For this walkthrough you are going to fit a Classifier to the UCI Adult Income dataset to predict whether or not a given input makes more or less than $50K.

Install and import packages

On top of PyTorch Lattice, you will be using scikit-learn for calculating metrics to evaluate your classifiers. First, make sure you have these packages installed:

$ pip install pytorch-lattice scikit-learn

Next, import these packages in your script:

from sklearn import metrics

import pytorch_lattice as pyl

Load the UCI Adult Income dataset

The Classifier expects a pandas.DataFrame containing the training data and a numpy.ndarray containing the labels for each example. You can use the PyTorch Lattice datasets module to load the data in this form:

X, y = pyl.datasets.adult()

Create and configure a Classifier

Next, you'll want to create a Classifier that you can use to fit to a calibrated model to the data. When creating a Classifier, the only required field is the list of features to use. For this guide, you are only going to use four features: age, education_num, occupation, and hours_per_week.

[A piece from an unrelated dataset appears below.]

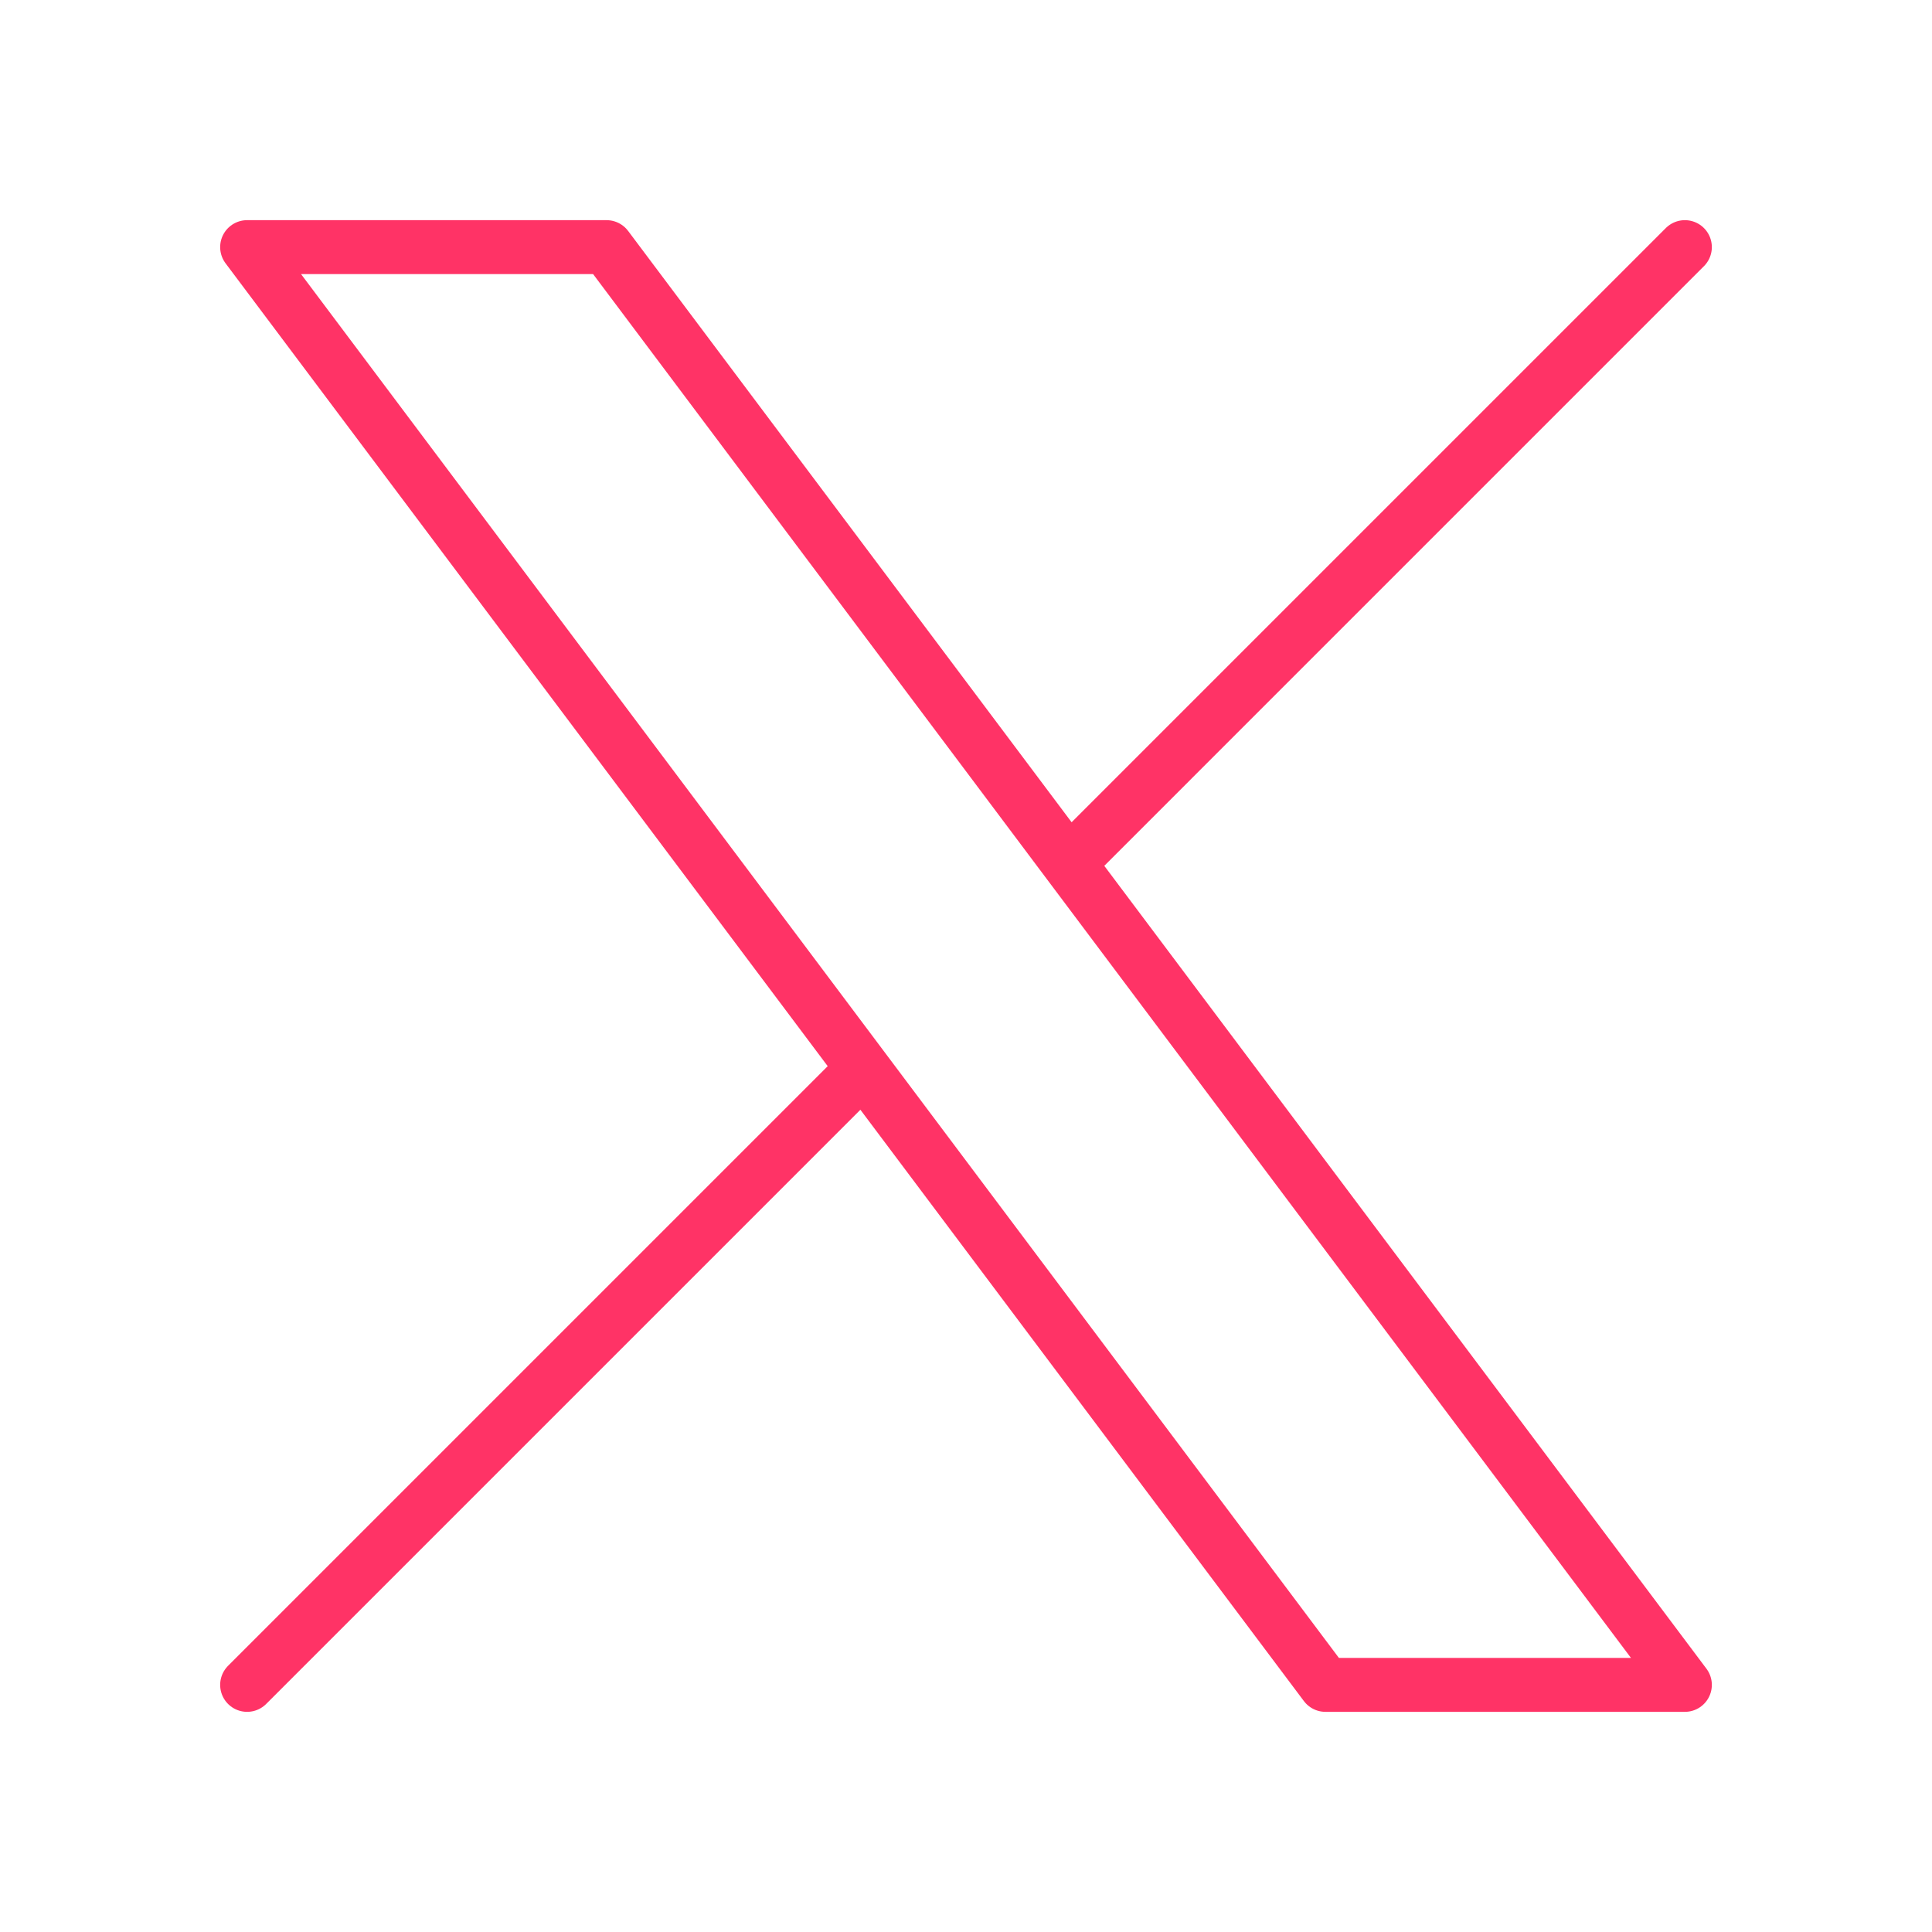<svg xmlns="http://www.w3.org/2000/svg" width="430" height="430" fill="none" viewBox="0 0 430 430"><path stroke="#f36" stroke-linecap="round" stroke-linejoin="round" stroke-width="12" d="M55 55h80l240 320h-80zm320 0L237.857 192.143M55 375l137.143-137.143"/></svg>

By default the calibrated modeling type used will be a calibrated linear model. If you'd like to further configure the model, you can provide a model_config with the attributes of your choice. For this guide, you will train a CalibratedLattice model.

model_config = pyl.model_configs.LatticeConfig()
clf = pyl.Classifier(
    ["age", "education_num", "occupation", "hours_per_week"], model_config
)

Configure features

One of the primary benefits of using PyTorch Lattice models is the ability to easily add shape constraints that guarantee certain real-world expectations. For example, it would make sense that someone with a higher level of education would be more likely to make more than $50K compared to someone with a lower level of education, all else being equal. Similarly, you might expect someone who works more hours per week to be more likely to make more than $50K compared to someone who works less hours per week, all else being equal.

clf.configure("education_num").monotonicity("increasing")
clf.configure("hours_per_week").monotonicity("increasing")

PyTorch Lattice makes it very easy to ensure that the model behaves as expected even after training on data. By setting the monotonicity field to increasing for both education_num and hours_per_week, you will guarantee that increasing either of those features will increase the prediction (so long as no other feature values change).

Of course, the classifier is still trained on data, so the only thing guaranteed is the relationship. How much increasing education_num or hours_per_week will increase the prediction will still be learned from training. Ultimately you are reducing the risk of unknown outcomes while still learning from data.

Fit the classifier to the data

Now that you've configured the classifier, fitting it to the data is easy:

clf.fit(X, y, batch_size=1024)  # using a larger batch size for faster training

There are additional training configuration options that you can set such as the number of epochs for which to fit the classifier, the learning rate, and the batch size, which you can set as parameters of the fit function.

Generate predictions and evaluate AUC

Once you've fit your classifier it's easy to generate predictions:

preds = clf.predict(X)

You can then use scikit-learn to calculate AUC to evaluate the predictive quality of your classifier:

fpr, tpr, _ = metrics.roc_curve(y, preds)
print(f"Train AUC: {metrics.auc(fpr, tpr)}")
# Train AUC: 0.8165439029459205

Plot calibrators for analysis

Plotting the calibrators for each feature can help visualize how the model is understanding the features. First, try plotting the calibrator for occupation:

pyl.plots.calibrator(clf.model, "occupation")

Occupation Calibrator

You can see here how each category for occupation gets calibrated before going into the lattice layer of the model, which shows us relatively how the model understands each category. For example, you can see that the model things that Sales and Armed-Forces have a similar likelihood of making more than $50K.

Interestingly, plotting the calibrator for hours_per_week shows that there's a flat region starting around ~52 hours. This indicates that there is a chance that the hours_per_week feature is not actually monotonically increasing, in which case you might consider training a new classifier where you do not constrain this feature.

Hours Per Week Calibrator

When setting constraints, there are two things to keep in mind:

  1. Do you want to guarantee the constrained behavior regardless of performance? In this case, setting the constraint can make sure that model behavior matches your expectations on unseen examples, which is especially useful when using a model to make decisions.
  2. Does the model have better performance on a validation dataset if you remove the constraint? It is important to remember that adding constraints to a feature may result in worse performance on the training set but actually result in better performance on the validation set. This is because the constraint helps the model to better handle unseen examples if the constraint should in fact be set.